I was on the approach to the bridge, crossing the Hudson, coming up to the toll booth. I let a car merge in front of me from the right, a little blue car much the same color as my own. I was patient. My thoughts went to the man that Chuck and I had met at a checkout line in a store the other day, jokingly suggesting that we pay for his small purchase. He used to be generous himself he said. He used to pay the toll for others crossing the bridge behind him when it was only 50 cents, but now that it’s $1.50 he doesn’t do it so often.
The man in the little blue car stuck his hand out the window and handed the toll collector two dollar bills. He seemed to be talking, taking his time. I waited. I saw him hand the collector another dollar bill. I wondered what he was doing. Can you buy a second passing? It seemed odd. Maybe he was asking for change?
I had my $1.50 in hand as I pulled up to the toll booth and opened my window. The toll collector, with a tone of wonder, told me that the man in the little blue car had already paid my toll. “Oh!
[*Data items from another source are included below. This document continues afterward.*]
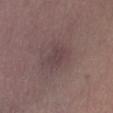Assessment:
Captured during whole-body skin photography for melanoma surveillance; the lesion was not biopsied.
Acquisition and patient details:
A close-up tile cropped from a whole-body skin photograph, about 15 mm across. On the right lower leg. Automated tile analysis of the lesion measured a footprint of about 4.5 mm² and two-axis asymmetry of about 0.35. It also reported a lesion color around L≈41 a*≈17 b*≈14 in CIELAB and a normalized border contrast of about 5. Approximately 3 mm at its widest. Imaged with white-light lighting. A female subject, aged 43–47.
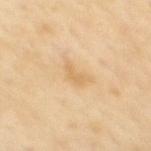Clinical impression: The lesion was photographed on a routine skin check and not biopsied; there is no pathology result. Context: Located on the upper back. The subject is a female approximately 45 years of age. A roughly 15 mm field-of-view crop from a total-body skin photograph.
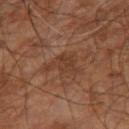The patient is a male aged 58 to 62. A 15 mm close-up tile from a total-body photography series done for melanoma screening. Located on the right leg.
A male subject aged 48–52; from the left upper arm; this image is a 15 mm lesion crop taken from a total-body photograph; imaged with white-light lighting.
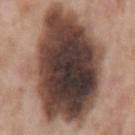The lesion was biopsied, and histopathology showed an atypical melanocytic neoplasm, classified as an indeterminate (borderline) lesion.
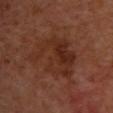workup = total-body-photography surveillance lesion; no biopsy | TBP lesion metrics = a mean CIELAB color near L≈29 a*≈22 b*≈27, a lesion–skin lightness drop of about 6, and a normalized border contrast of about 6.5; a border-irregularity rating of about 7/10, a within-lesion color-variation index near 5/10, and a peripheral color-asymmetry measure near 2; a classifier nevus-likeness of about 0/100 and a detector confidence of about 100 out of 100 that the crop contains a lesion | size = about 7.5 mm | subject = female, aged 38 to 42 | image source = 15 mm crop, total-body photography | tile lighting = cross-polarized illumination | anatomic site = the back.
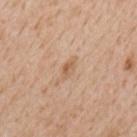The lesion was tiled from a total-body skin photograph and was not biopsied.
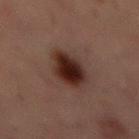Impression:
The lesion was photographed on a routine skin check and not biopsied; there is no pathology result.
Image and clinical context:
From the abdomen. A 15 mm close-up extracted from a 3D total-body photography capture. A male subject, approximately 55 years of age. Imaged with cross-polarized lighting. About 4.5 mm across.
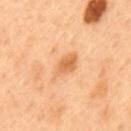Captured during whole-body skin photography for melanoma surveillance; the lesion was not biopsied. The subject is a male aged 48 to 52. A roughly 15 mm field-of-view crop from a total-body skin photograph. The lesion is located on the mid back. About 4.5 mm across.
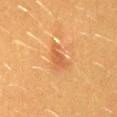A close-up tile cropped from a whole-body skin photograph, about 15 mm across.
The subject is a female approximately 40 years of age.
The lesion is on the lower back.
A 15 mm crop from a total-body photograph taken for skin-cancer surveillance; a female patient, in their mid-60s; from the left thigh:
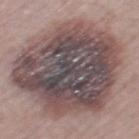| key | value |
|---|---|
| histopathology | an invasive melanoma, superficial spreading type (Breslow thickness 0.6 mm, mitotic rate <1/mm²) |
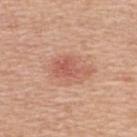lesion_size:
  long_diameter_mm_approx: 4.0
image:
  source: total-body photography crop
  field_of_view_mm: 15
patient:
  sex: female
  age_approx: 50
site: upper back
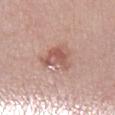Recorded during total-body skin imaging; not selected for excision or biopsy. The patient is a female in their mid-60s. A region of skin cropped from a whole-body photographic capture, roughly 15 mm wide. The lesion's longest dimension is about 3.5 mm. The total-body-photography lesion software estimated border irregularity of about 5 on a 0–10 scale, internal color variation of about 4.5 on a 0–10 scale, and radial color variation of about 1.5. And it measured a classifier nevus-likeness of about 25/100 and a detector confidence of about 100 out of 100 that the crop contains a lesion. Captured under white-light illumination. From the left lower leg.

Thank you!” I said, delighted, as he opened the gate and I sailed right through. I waved to the man in the blue car ahead of me, wondering if he saw me thanking him.
As I continued my drive home, I took note of the events of the ride, the decision to let the lights guide me; the raven bearing its gift, the merging car, the thoughts going through my head, the gift of the toll. All these synchronicities were significant, but they alone were not the message. They were just signs from the universe leading me to understand the true message. What was it? It took me a little while to get it. I had to recapitulate my experiences to grasp the deeper meaning.
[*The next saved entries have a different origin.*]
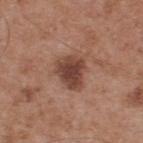biopsy status: imaged on a skin check; not biopsied
patient: male, approximately 55 years of age
site: the upper back
acquisition: ~15 mm tile from a whole-body skin photo
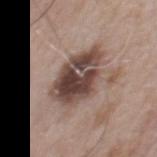Findings:
* biopsy status — imaged on a skin check; not biopsied
* anatomic site — the front of the torso
* automated lesion analysis — a normalized lesion–skin contrast near 11.5; a border-irregularity index near 2.5/10 and a color-variation rating of about 9/10
* lesion diameter — ≈6.5 mm
* patient — male, approximately 65 years of age
* image source — 15 mm crop, total-body photography
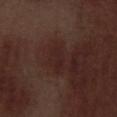| key | value |
|---|---|
| follow-up | catalogued during a skin exam; not biopsied |
| lesion diameter | ≈3 mm |
| site | the left thigh |
| acquisition | total-body-photography crop, ~15 mm field of view |
| patient | male, about 70 years old |
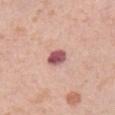Clinical impression:
Captured during whole-body skin photography for melanoma surveillance; the lesion was not biopsied.
Acquisition and patient details:
The tile uses white-light illumination. A 15 mm close-up extracted from a 3D total-body photography capture. A female patient, aged around 40. Located on the left thigh. About 2.5 mm across.
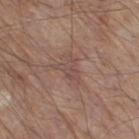<lesion>
<biopsy_status>not biopsied; imaged during a skin examination</biopsy_status>
<image>
  <source>total-body photography crop</source>
  <field_of_view_mm>15</field_of_view_mm>
</image>
<site>right thigh</site>
<patient>
  <sex>male</sex>
  <age_approx>80</age_approx>
</patient>
</lesion>
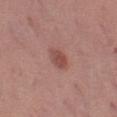Q: Is there a histopathology result?
A: total-body-photography surveillance lesion; no biopsy
Q: What is the anatomic site?
A: the left thigh
Q: How was the tile lit?
A: white-light illumination
Q: What kind of image is this?
A: total-body-photography crop, ~15 mm field of view
Q: What are the patient's age and sex?
A: female, in their 40s
Q: How large is the lesion?
A: ≈3 mm

I was back home when it finally dawned on me. I was about to cross a bridge, the symbol of connecting worlds, of bridging the disparate selves into a new self, to “inhabit my beingness in a fuller way,” as I had intended when I’d dressed in the morning. The energy of my intent was flowing, the gate simply opened before me, free access was granted, sending me over the crossing. Had I not set my intent to let the universe guide me, none of those things would have happened. In fact though, I had been on the threshold of transcendence all day, steeped in the intent of the channeled message from Jeanne.
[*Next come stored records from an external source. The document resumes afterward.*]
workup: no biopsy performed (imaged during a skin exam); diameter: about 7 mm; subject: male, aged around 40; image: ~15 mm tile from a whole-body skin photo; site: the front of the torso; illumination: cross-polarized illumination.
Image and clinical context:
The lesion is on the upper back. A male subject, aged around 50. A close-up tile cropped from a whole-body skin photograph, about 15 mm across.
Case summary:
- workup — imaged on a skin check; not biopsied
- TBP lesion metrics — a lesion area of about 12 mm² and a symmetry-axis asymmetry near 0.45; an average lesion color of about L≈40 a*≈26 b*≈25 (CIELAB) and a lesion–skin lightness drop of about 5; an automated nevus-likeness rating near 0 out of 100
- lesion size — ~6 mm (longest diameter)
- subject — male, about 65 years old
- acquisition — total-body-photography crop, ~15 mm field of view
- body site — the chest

We have all been on that threshold of change for a long time; it’s the times we live in. While on that threshold we struggle, just as our world struggles now. We see these struggles in so many areas. We must face our struggles, confront our challenges if we are to evolve. And when we are ready, when we know that it’s time to cross our bridge, if we let the universe be part of our process it makes the crossing a lot easier. I found this out. The next challenge is to keep going over all the bridges in the same manner, fully alert and aware, reading the signs and acquiescing to the journey as it unfolds. We must allow transcendence to become a natural and acceptable part of our lives. It’s not really that hard, and the magic of it is both invigorating and joyous to experience. As Jeanne says, let a little joy in!
P.S. Just a note to say that the next day I had to face all red lights! The message that day was: PATIENCE! And indeed, as the day unfolded, patience was required, but I found it was an effortless process, as I quite easily flowed without frustration. I read the sign and let it become important. In acquiescence, I have learned many great lessons. Be well. Be flowing.